Reducing hallucinations with RAG

    Based on RAG technology, a knowledge base can be built so that LLM can use this knowledge base as a basis when answering questions and have the ability to answer relevant content in the knowledge base.

RAG Advantages

    The knowledge base created based on RAG technology can add, delete and modify documents more conveniently and can support more frequent updates.

RAG's overall process

The overall process of RAG is divided into two steps:

  • The first is prior indexing, which is the process of building a knowledge base from private documents; this is the blue dotted link in the figure.

  • The second is instant querying, which is the process of querying and answering questions for the constructed knowledge base. This is the red dotted link in the figure. First search, then generate.

Effects of RAG

  • First, it gives LLM the ability to answer questions about private knowledge bases, thus reducing the illusion;

  • Second, it provides the original source of the reference in the answer to improve the search efficiency, and at the same time facilitates direct comparison with the original text to ensure the accuracy of the LLM answer. It plays an important role in intelligent question and answer, document summarization, data collation and other fields.



What is a prompt word (engineering)

    Prompts are text or instructions that provide input to the LLM to guide it to generate specific outputs.

Prompt word

    There are two types of prompts: system prompts and user prompts. User prompts are user questions; system prompts are a set of initial instructions or background information built into the artificial intelligence application that points to the LLM, which is used to guide the behavior and response mode of the LLM.

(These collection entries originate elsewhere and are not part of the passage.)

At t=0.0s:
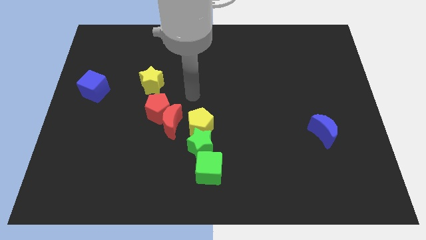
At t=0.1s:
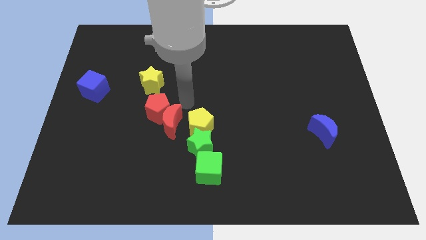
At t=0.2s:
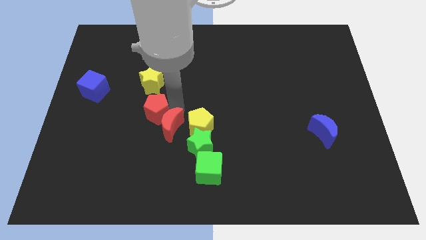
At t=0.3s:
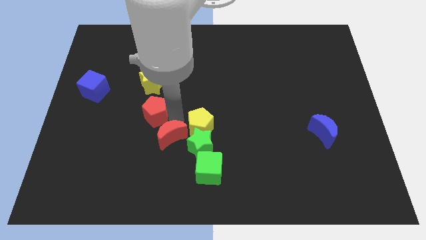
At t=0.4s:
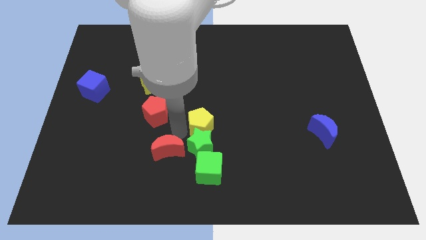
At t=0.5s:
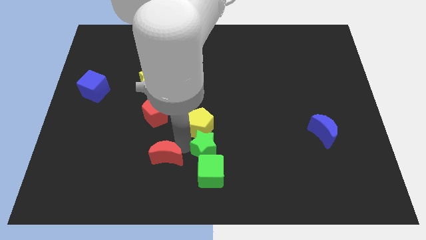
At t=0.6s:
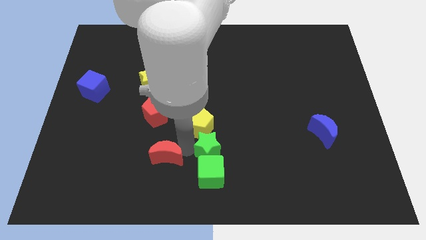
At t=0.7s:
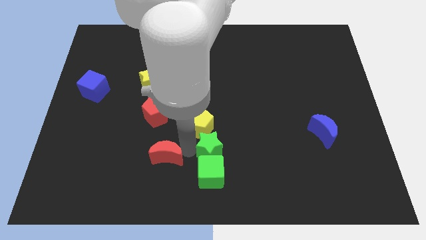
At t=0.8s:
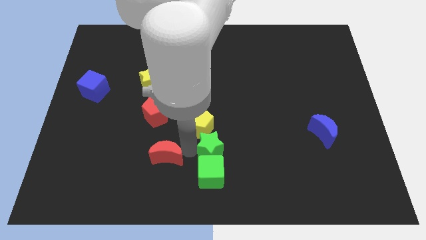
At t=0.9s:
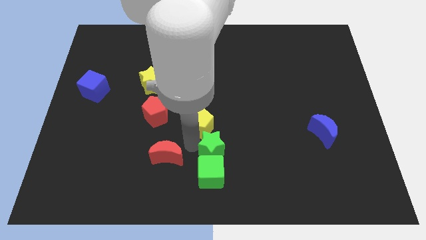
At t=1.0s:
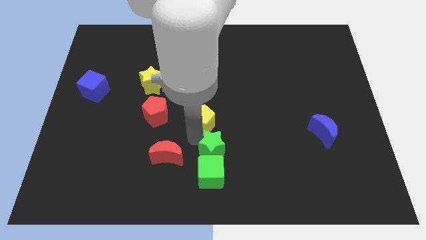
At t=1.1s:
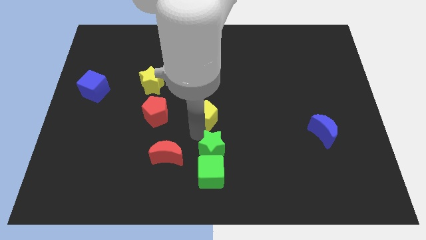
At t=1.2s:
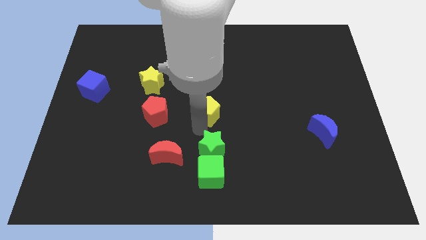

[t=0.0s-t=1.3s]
pull the yellow pentagon apart from the green star and red moon

    Generally speaking, prompt words refer more to user prompt words, that is, questions sent by users to LLM.

The influence of prompt words on LLM

    When generating text, LLM will try to understand and generate corresponding responses based on its understanding. The quality of the answers generated by LLM is affected by the user's prompt words. More complete prompt words can enable LLM to better understand user intentions and give more appropriate and complete answers.

How to optimize prompt words

    When asking user questions, instructions should be expressed clearly and specifically, and specific requirements should be put forward; if there are requirements for the output format of the LLM, it is best to provide reference text as an example.

How to write better prompts

    The basic components of a more complete prompt word:

  • Instructions: Actions that require the model to take on the text.

  • The object of the instruction: the text that needs to be processed by the model.

  • Example: Case or mental model prompt.

  • Output requirements: requirements for the content and format of output content;

  • Exception situations: Exception handling mechanism when the model cannot be executed or instruction information is missing.

    The following figure shows a specific example (asking about travel plans). It can be found that when directly using LLM provided by OpenAI, for example, in order to obtain a better question-answering experience, it takes a long time and more effort to write better and more complete prompts, and the user experience may become worse.